# HAF 922 fans run at low rpm



## sapetto (Jul 30, 2010)

I just got my HAF 922 and installed 2 of the 3 fans in the mobo chassis fan connectors, then i saw in BIOS and Everest that the rear and the front (the ones i connected to the mobo the big fan on the upper side is connected to a 4pin molex) fans are running @900 and 500 rpm. Are they supposed to be that slow? I tried the to increase them in BIOS but didn't work... Any ideas?


----------



## assaulter_99 (Jul 30, 2010)

You mean the 200's? yeah they are meant to be that slow since they are bigger than the 120's. The smaller the fan, the faster it must turn to move air. Hence, the bigger the fan, the slower it will turn.


----------



## Sasqui (Jul 30, 2010)

They do run slow, if they're the 240's like in the 932.  Slow, but quiet and move a lot of air.

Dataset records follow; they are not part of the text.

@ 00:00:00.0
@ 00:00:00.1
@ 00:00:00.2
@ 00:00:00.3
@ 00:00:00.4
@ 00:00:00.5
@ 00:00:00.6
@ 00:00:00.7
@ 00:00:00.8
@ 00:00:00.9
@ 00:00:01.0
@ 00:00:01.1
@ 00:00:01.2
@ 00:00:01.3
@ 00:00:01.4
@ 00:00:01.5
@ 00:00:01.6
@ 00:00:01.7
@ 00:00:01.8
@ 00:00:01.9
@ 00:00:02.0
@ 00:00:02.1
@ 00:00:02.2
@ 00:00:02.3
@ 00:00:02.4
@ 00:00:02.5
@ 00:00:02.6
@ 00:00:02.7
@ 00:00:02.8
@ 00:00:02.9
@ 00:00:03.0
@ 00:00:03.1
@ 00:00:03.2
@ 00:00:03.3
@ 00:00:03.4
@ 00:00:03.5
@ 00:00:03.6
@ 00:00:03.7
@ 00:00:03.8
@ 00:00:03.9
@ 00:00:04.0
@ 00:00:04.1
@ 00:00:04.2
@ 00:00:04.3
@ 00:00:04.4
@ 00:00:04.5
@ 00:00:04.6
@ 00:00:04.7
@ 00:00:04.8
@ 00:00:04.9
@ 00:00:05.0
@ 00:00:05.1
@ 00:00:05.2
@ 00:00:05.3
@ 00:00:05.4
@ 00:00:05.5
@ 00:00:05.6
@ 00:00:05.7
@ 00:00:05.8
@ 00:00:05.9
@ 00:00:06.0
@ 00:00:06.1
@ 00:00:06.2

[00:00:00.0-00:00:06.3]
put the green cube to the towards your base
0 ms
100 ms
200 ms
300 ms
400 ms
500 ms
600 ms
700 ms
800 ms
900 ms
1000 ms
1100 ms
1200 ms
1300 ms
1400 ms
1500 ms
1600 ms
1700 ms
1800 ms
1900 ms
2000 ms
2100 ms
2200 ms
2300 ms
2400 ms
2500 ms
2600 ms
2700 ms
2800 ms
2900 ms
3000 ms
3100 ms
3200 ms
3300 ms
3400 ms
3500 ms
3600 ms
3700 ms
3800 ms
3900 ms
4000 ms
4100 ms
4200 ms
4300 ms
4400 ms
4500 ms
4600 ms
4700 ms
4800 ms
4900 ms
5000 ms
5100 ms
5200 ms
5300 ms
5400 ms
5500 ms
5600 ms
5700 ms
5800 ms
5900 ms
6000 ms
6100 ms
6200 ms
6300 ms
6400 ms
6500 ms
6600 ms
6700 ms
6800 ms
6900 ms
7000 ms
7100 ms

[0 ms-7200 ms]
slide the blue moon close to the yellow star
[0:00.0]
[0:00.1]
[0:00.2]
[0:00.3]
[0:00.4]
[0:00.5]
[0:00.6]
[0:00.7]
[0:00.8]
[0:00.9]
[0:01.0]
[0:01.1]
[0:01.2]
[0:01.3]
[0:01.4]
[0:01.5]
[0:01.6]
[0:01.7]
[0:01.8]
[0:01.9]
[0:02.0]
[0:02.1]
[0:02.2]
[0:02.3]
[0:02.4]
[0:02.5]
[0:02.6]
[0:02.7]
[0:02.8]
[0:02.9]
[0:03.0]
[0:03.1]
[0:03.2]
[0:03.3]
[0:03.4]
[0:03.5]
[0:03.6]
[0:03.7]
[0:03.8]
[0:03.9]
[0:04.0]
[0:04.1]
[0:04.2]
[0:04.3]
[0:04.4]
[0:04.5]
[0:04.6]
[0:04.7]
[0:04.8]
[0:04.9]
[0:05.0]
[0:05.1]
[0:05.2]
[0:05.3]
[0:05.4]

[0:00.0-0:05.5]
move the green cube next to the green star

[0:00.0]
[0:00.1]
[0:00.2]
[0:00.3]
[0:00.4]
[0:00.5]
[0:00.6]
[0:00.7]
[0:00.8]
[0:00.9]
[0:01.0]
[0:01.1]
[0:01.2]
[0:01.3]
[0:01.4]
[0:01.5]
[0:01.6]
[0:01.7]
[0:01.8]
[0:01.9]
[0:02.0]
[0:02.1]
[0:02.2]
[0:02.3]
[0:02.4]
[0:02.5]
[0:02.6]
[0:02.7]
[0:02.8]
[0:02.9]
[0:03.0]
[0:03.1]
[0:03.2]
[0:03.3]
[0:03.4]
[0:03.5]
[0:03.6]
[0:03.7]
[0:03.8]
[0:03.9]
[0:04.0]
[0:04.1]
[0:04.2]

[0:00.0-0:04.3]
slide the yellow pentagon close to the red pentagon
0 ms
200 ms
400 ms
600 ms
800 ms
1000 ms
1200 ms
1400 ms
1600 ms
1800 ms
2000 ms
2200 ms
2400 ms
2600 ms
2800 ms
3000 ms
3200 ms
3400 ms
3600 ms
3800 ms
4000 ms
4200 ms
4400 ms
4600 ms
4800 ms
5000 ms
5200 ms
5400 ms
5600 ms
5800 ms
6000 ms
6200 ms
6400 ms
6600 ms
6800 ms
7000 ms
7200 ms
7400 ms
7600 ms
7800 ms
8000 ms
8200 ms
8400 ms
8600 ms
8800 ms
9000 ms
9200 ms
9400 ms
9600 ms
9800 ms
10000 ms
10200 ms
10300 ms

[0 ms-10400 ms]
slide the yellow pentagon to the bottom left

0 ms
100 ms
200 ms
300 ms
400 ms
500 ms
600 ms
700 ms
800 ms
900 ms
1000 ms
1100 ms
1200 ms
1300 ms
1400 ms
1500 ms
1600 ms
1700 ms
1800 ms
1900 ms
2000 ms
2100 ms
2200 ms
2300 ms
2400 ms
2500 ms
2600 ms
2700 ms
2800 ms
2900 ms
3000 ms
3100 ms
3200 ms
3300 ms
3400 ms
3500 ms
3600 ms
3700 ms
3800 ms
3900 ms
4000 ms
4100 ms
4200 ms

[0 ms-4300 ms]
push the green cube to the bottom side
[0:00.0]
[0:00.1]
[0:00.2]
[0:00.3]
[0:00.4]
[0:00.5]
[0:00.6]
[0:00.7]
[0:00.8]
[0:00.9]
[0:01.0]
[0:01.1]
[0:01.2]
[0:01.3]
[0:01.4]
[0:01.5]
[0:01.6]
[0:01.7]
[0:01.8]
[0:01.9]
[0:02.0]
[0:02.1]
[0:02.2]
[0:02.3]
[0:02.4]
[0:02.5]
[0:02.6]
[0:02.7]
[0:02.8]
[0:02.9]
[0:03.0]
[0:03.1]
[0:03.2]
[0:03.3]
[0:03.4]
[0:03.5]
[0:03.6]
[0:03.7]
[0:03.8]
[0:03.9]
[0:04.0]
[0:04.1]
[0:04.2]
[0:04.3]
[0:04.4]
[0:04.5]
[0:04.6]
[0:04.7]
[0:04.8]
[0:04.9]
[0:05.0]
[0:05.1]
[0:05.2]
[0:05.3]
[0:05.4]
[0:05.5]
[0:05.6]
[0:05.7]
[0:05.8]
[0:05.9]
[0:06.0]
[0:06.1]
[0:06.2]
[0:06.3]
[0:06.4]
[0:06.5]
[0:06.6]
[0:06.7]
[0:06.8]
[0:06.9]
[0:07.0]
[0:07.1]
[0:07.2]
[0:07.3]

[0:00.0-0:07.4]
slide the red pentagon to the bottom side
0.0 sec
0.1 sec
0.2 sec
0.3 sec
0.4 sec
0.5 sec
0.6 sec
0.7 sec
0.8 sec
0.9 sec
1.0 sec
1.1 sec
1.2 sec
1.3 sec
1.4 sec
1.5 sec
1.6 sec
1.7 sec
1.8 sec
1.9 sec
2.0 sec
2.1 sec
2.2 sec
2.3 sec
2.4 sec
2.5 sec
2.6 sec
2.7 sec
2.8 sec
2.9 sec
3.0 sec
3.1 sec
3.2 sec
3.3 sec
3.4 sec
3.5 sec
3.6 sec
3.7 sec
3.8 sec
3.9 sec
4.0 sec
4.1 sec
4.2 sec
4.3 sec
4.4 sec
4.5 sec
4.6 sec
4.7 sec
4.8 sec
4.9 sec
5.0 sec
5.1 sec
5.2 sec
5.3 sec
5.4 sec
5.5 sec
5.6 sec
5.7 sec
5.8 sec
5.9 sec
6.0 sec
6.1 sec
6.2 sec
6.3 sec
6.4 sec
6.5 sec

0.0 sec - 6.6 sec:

You might want to try connecting to a 4-pin from the PSU, perhaps you'll get more voltage.


----------



## sapetto (Jul 30, 2010)

Actually i was talking about the 200mm and the rear 120mm. Before i could change change the fans speed through the BIOS and now i cant change even the CPU fan speed... why is that ?


----------



## Radical_Edward (Jul 30, 2010)

Did you mess with any of the settings? (Quiet fan disabled/enabled? etc.)


----------



## dr emulator (madmax) (Jul 30, 2010)

according to my crazy axx speed controller my 120mm fan runs at 1400rpm 
but that's one of these ultra quiet akasa's 
(strangely though i was expecting a slight drop in speed due to using a speed controller) but i'm not getting any 

i'm not sure about your 200mm one though


----------



## sapetto (Jul 30, 2010)

I did tried to up the speed by enabling Q-Chassis Fan Control in BIOS (With my previous case and 2x80mm CM red fans i was able to lower and raise the speed via this settings in BIOS) with no luck. Oh and btw the upper 200mm fan 4pin to molex connector burnt when i first connect it to my psu 4pin molex...  thats why it is connected to the mobo. Maybe i should try to put all fans to the psu connectors and see what will happen although i can not see with how much rpm do the spin


----------



## mastrdrver (Aug 1, 2010)

No you need to disable Q-Fan in the bios. When idle it will slow the fans down, only under load does it speed them up but doesn't speed them up to full speed unless it is disabled.


----------